Input for this task:
=== Section Start ===
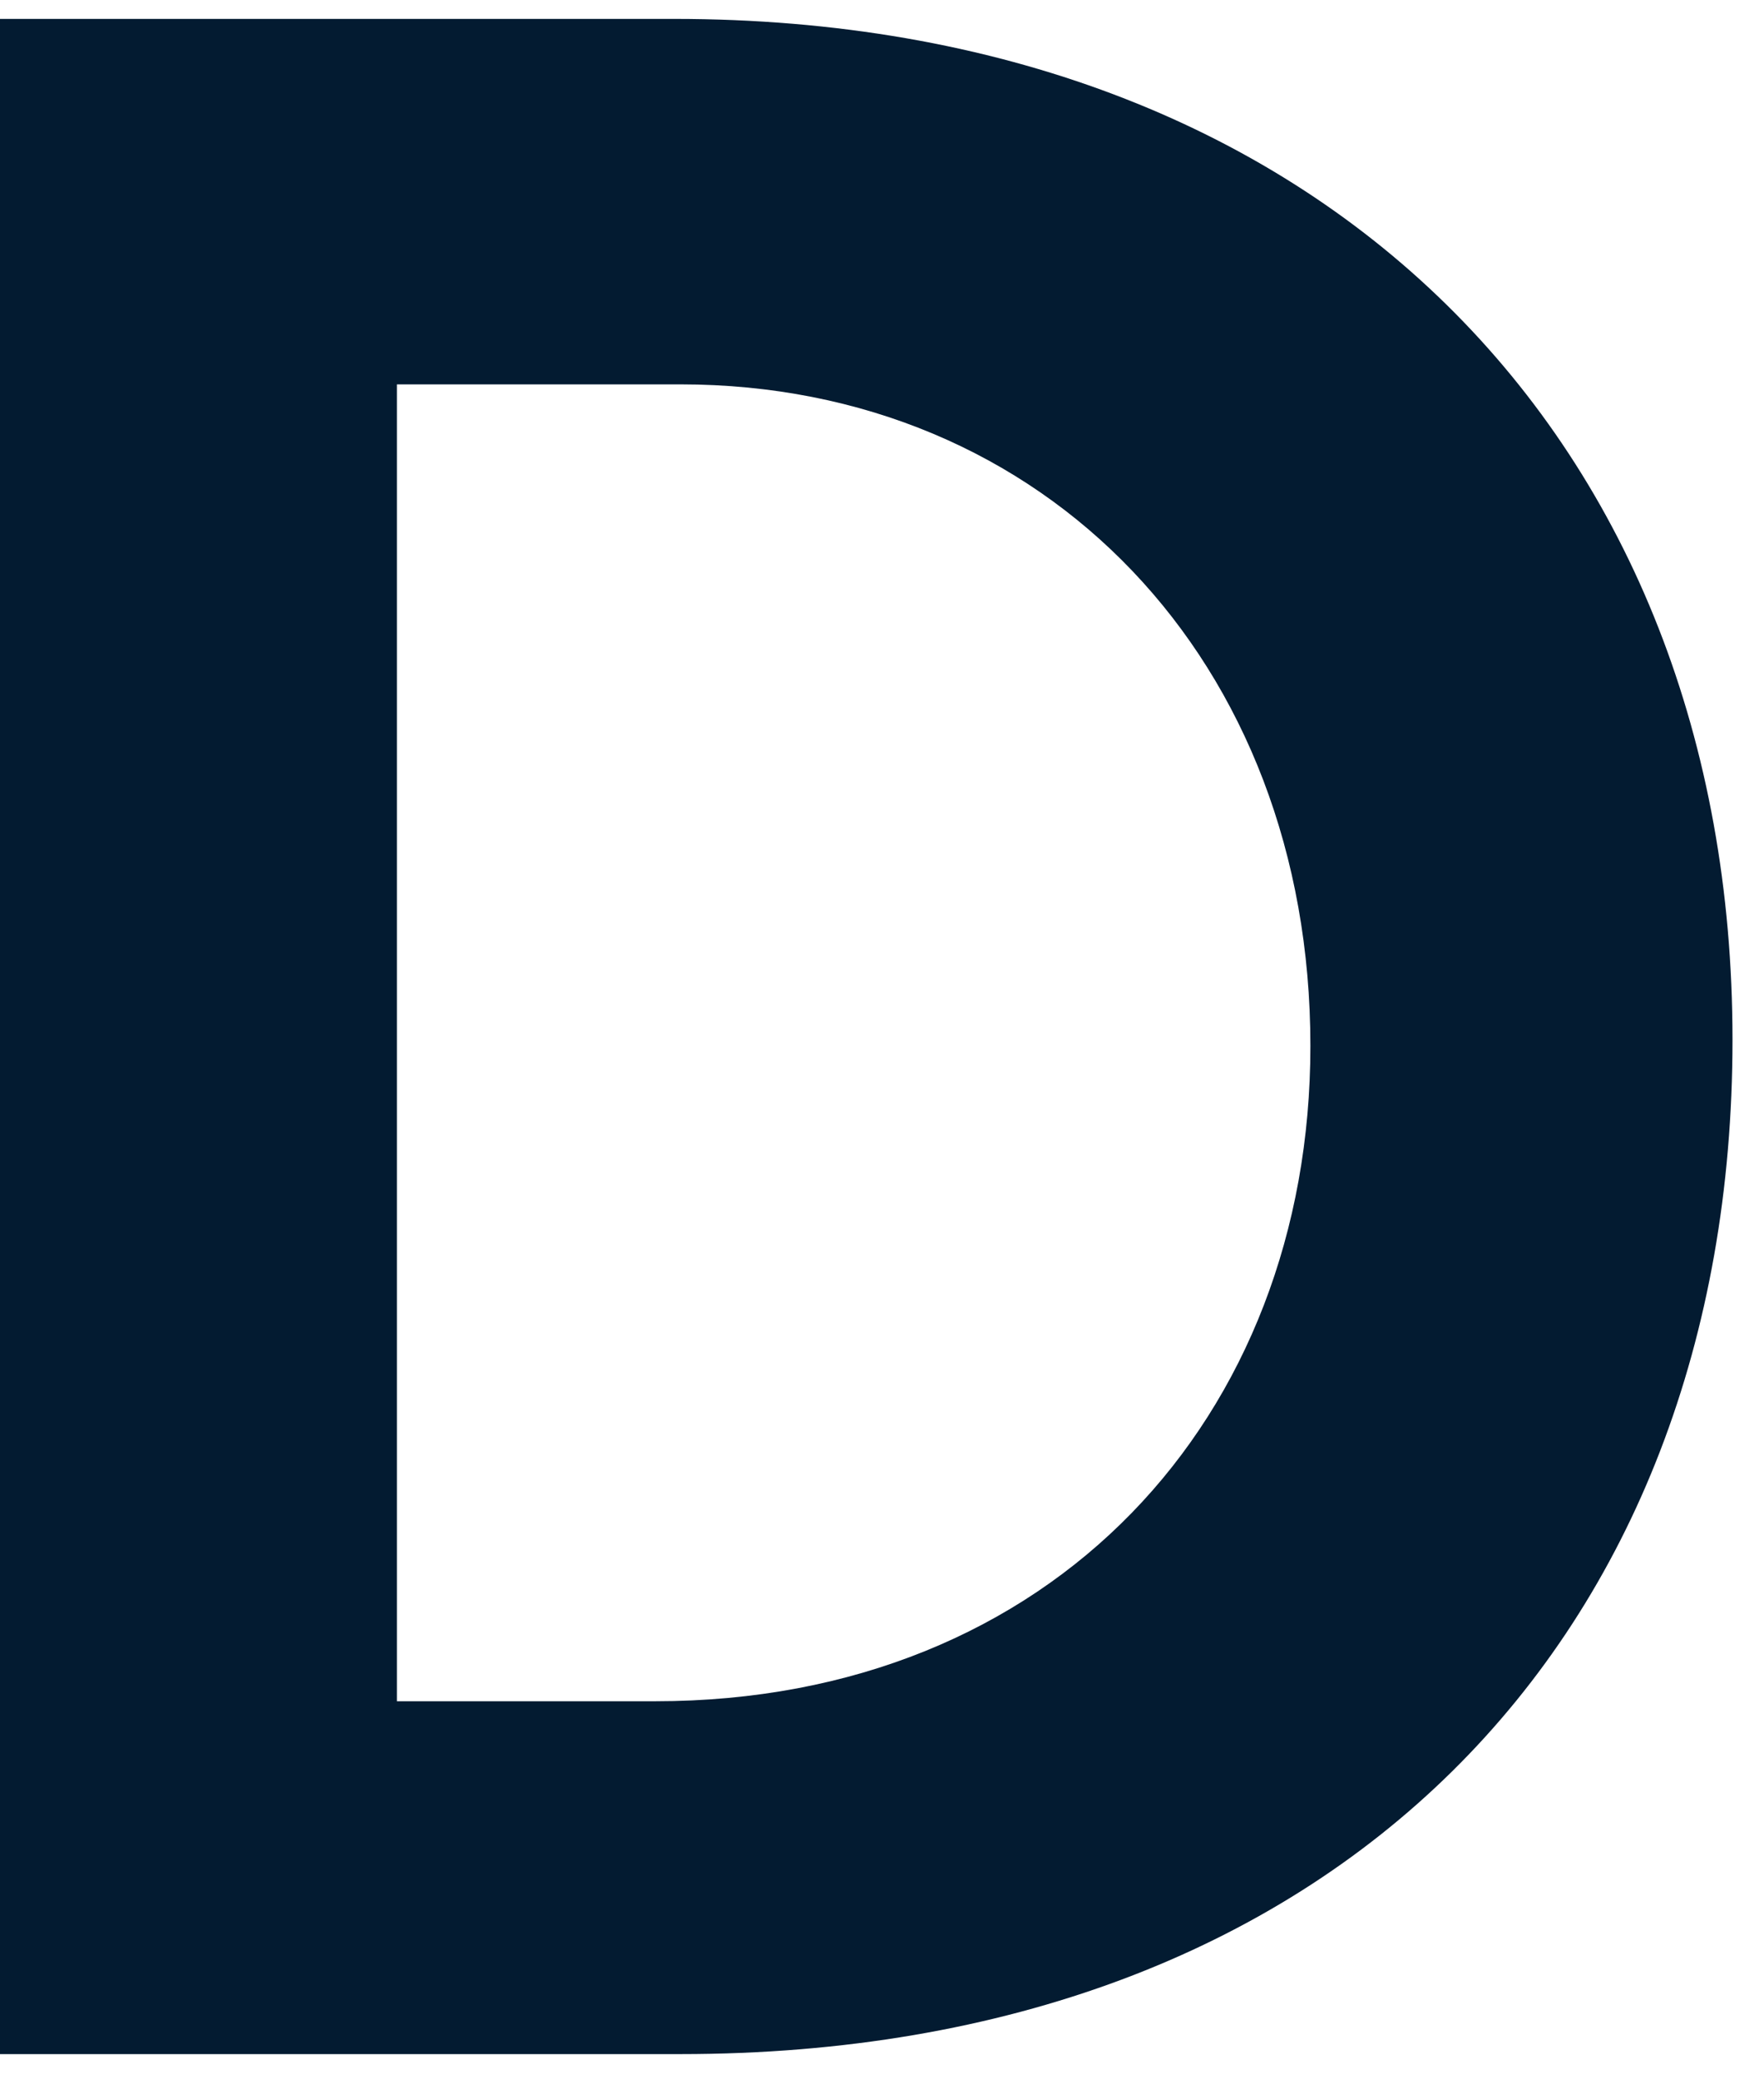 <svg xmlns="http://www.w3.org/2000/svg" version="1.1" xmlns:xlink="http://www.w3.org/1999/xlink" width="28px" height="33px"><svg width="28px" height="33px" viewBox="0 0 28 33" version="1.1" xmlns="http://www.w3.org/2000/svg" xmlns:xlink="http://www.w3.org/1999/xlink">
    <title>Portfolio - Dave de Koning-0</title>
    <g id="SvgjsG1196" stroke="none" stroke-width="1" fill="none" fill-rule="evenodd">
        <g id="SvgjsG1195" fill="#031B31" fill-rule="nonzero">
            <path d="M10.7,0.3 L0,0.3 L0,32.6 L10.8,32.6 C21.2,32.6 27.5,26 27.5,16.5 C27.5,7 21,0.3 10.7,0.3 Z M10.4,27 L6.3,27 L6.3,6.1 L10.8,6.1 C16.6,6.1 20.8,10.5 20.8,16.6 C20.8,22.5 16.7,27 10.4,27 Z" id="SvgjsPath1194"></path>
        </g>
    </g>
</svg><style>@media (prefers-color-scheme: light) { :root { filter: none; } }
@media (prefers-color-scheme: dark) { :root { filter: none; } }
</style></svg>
=== Section End ===
Assigned task: The data shown above must be printed again exactly, with no images included.

Result:
 <svg xmlns="http://www.w3.org/2000/svg" version="1.1" xmlns:xlink="http://www.w3.org/1999/xlink" width="28px" height="33px"><svg width="28px" height="33px" viewBox="0 0 28 33" version="1.1" xmlns="http://www.w3.org/2000/svg" xmlns:xlink="http://www.w3.org/1999/xlink">
    <title>Portfolio - Dave de Koning-0</title>
    <g id="SvgjsG1196" stroke="none" stroke-width="1" fill="none" fill-rule="evenodd">
        <g id="SvgjsG1195" fill="#031B31" fill-rule="nonzero">
            <path d="M10.7,0.3 L0,0.3 L0,32.6 L10.8,32.6 C21.2,32.6 27.5,26 27.5,16.5 C27.5,7 21,0.3 10.7,0.3 Z M10.4,27 L6.3,27 L6.3,6.1 L10.8,6.1 C16.6,6.1 20.8,10.5 20.8,16.6 C20.8,22.5 16.7,27 10.4,27 Z" id="SvgjsPath1194"></path>
        </g>
    </g>
</svg><style>@media (prefers-color-scheme: light) { :root { filter: none; } }
@media (prefers-color-scheme: dark) { :root { filter: none; } }
</style></svg>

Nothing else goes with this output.